For SEM analysis, pollen samples from the fully open flowers of 12 accessions were collected into gelatin capsules and stored in an exsiccator until use. Dry pollen grains were mounted on stubs and sputter-coated with gold using a JFC-1100E ion sputter coater (JEOL, Tokyo, Japan). The palynological characteristics (exine ornamentation and aperture number) were examined under a JSM-5410 scanning electron microscope with a wolfram cathode (JEOL, Tokyo, Japan). The terminology for exine ornamentation follows that of Halbritter et al. [36].

To determine the pollen nucleus status (expressed as the number of pollen nuclei in pollen grains after anther dehiscence), pollen samples of 14 taxa (12 Daucus taxa and two outgroup species) were collected in the same way as for the viability test, then mounted in a drop of 4′,6-diamidino-2-phenylindole (DAPI) solution (2.5 µg−1 DAPI, 7.7 mM Tris–HCl, 10 mM spermine tetrahydrochloride, 10 mM NaCl, 2.2% hexylene glycol, and 0.25% Triton™ X-100; mixed in a 1:1 ratio with glycerol), and covered with a cover glass. The slides were examined under the same microscope using the fluorescence mode and an appropriate filter set for DAPI (Zeiss filter set 02: λex = 365 nm, λem > 420 nm). The microphotographs were captured using a BV MV camera (Applied Spectral Imaging, Edingen-Neckarhausen, Germany).

Statistical analyses

For quantitative parameters, means and standard errors of the means were calculated for each accession and subjected to a one-way analysis of variance (ANOVA) followed by Tukey’s honestly significant difference (HSD) test at a significance level of at least p = 0.05 using Statistica v. 13.3 (TIBCO Software Inc., USA). For nuclear DNA content estimation and pollen morphology and viability, the mean of measurements/counts for one plant was considered a single replication. Statistical analyses were conducted separately for the Daucus taxa and the outgroup species.

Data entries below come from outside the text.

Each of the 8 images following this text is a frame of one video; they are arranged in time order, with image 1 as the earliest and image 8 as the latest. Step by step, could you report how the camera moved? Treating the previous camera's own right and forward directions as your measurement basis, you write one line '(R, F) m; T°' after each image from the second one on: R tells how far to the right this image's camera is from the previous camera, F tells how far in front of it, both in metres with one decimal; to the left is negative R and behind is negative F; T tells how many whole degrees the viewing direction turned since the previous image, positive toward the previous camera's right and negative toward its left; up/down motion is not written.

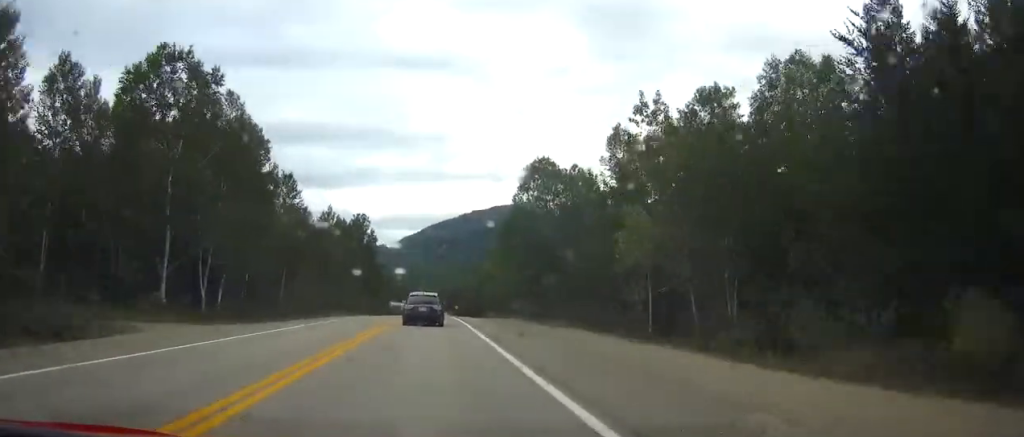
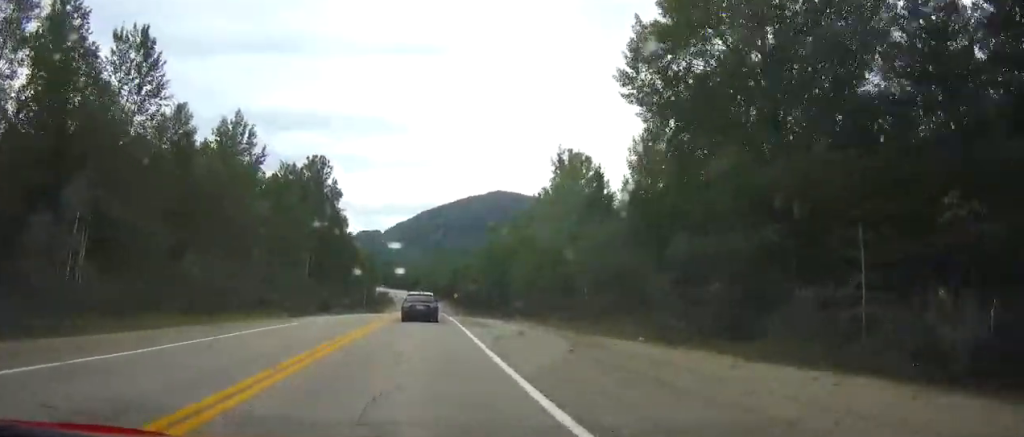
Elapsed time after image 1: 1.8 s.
(+0.2, +46.8) m; 0°
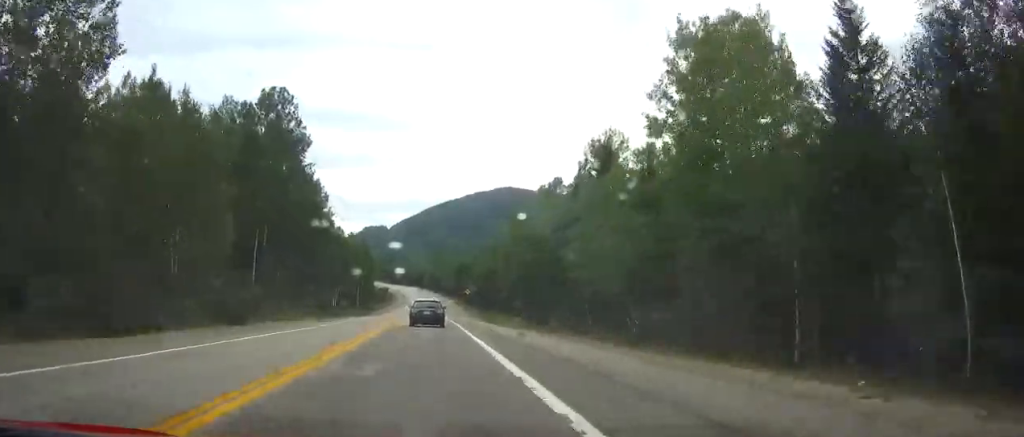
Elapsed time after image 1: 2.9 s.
(0.0, +29.2) m; 0°
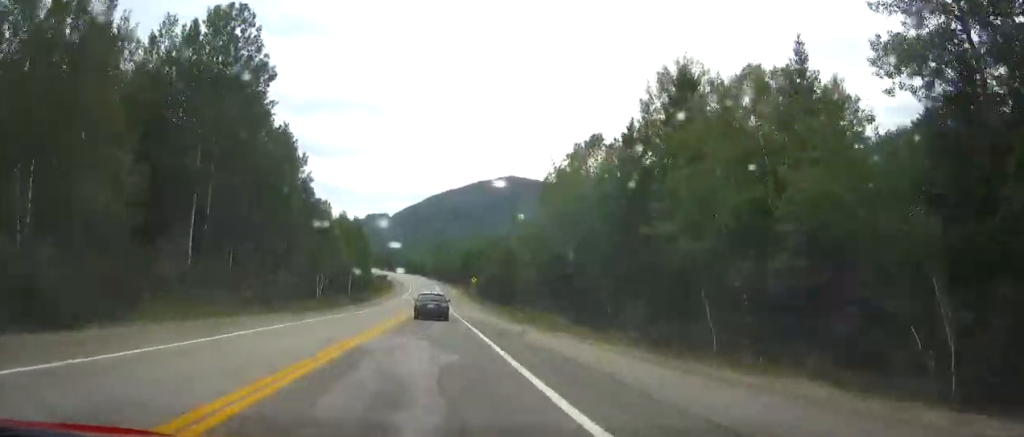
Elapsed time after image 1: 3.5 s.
(0.0, +17.0) m; 0°
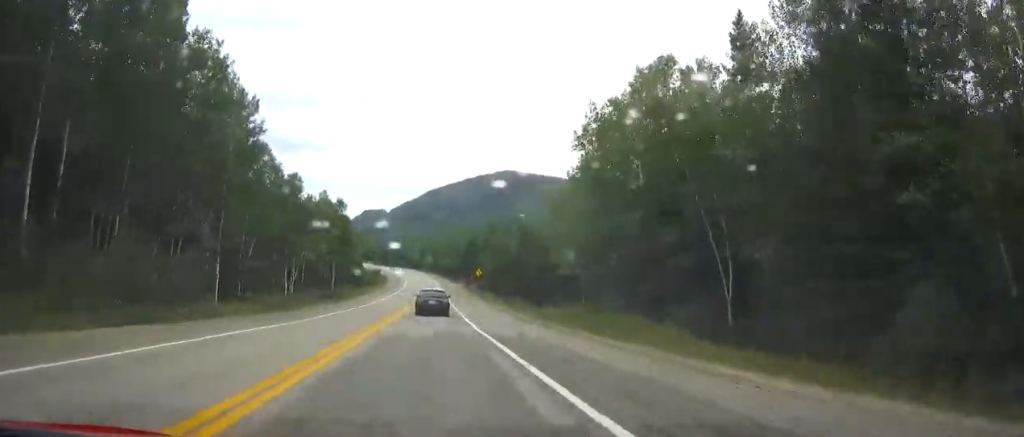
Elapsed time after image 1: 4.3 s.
(0.0, +19.9) m; 0°
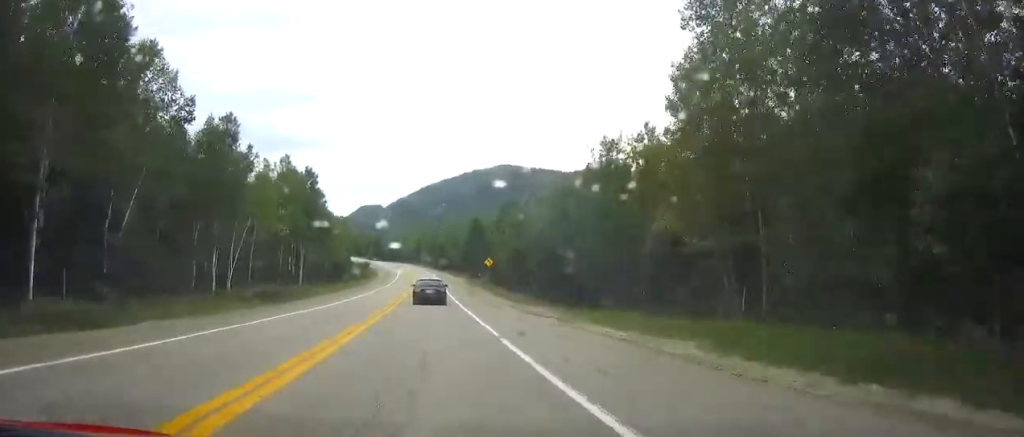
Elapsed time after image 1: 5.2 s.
(0.0, +25.5) m; 0°
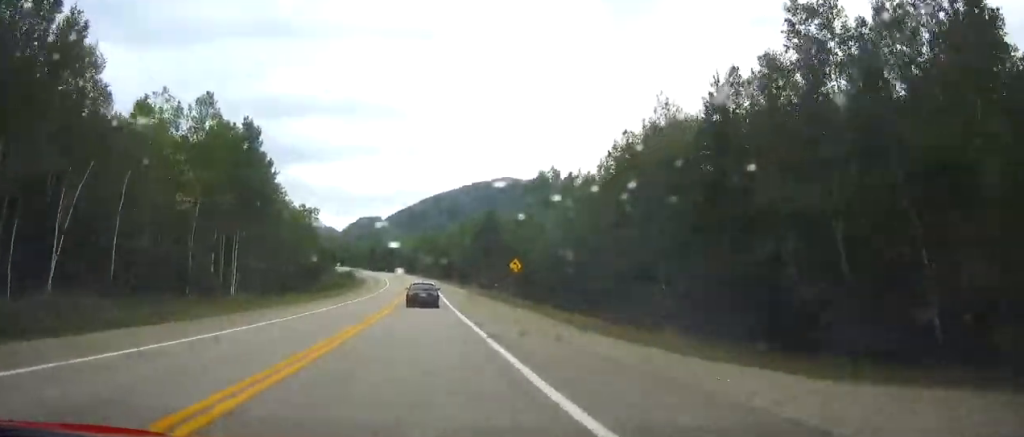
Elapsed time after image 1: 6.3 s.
(0.0, +30.2) m; 0°
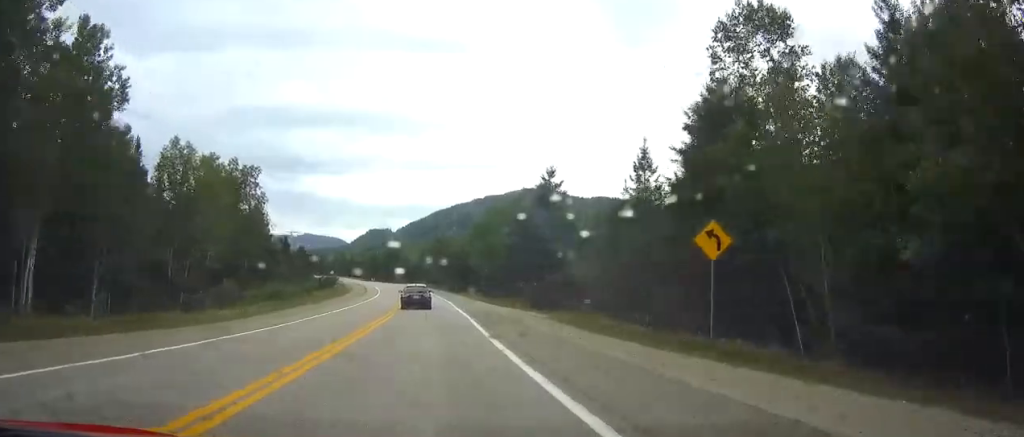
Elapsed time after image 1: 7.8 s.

To determine the relationships among the Daucus taxa, an unweighted pair-group method with arithmetic mean (UPGMA) cluster analysis with Euclidean distance was performed based on nuclear DNA content and pollen morphology (P, E) data using Past v. 3.22 software [77].

To identify relationships among cytogenetic (2C DNA content, somatic chromosome number) and palynological (P, E, P/E) data within the genus Daucus, Pearson’s correlation analysis was carried out using Statistical.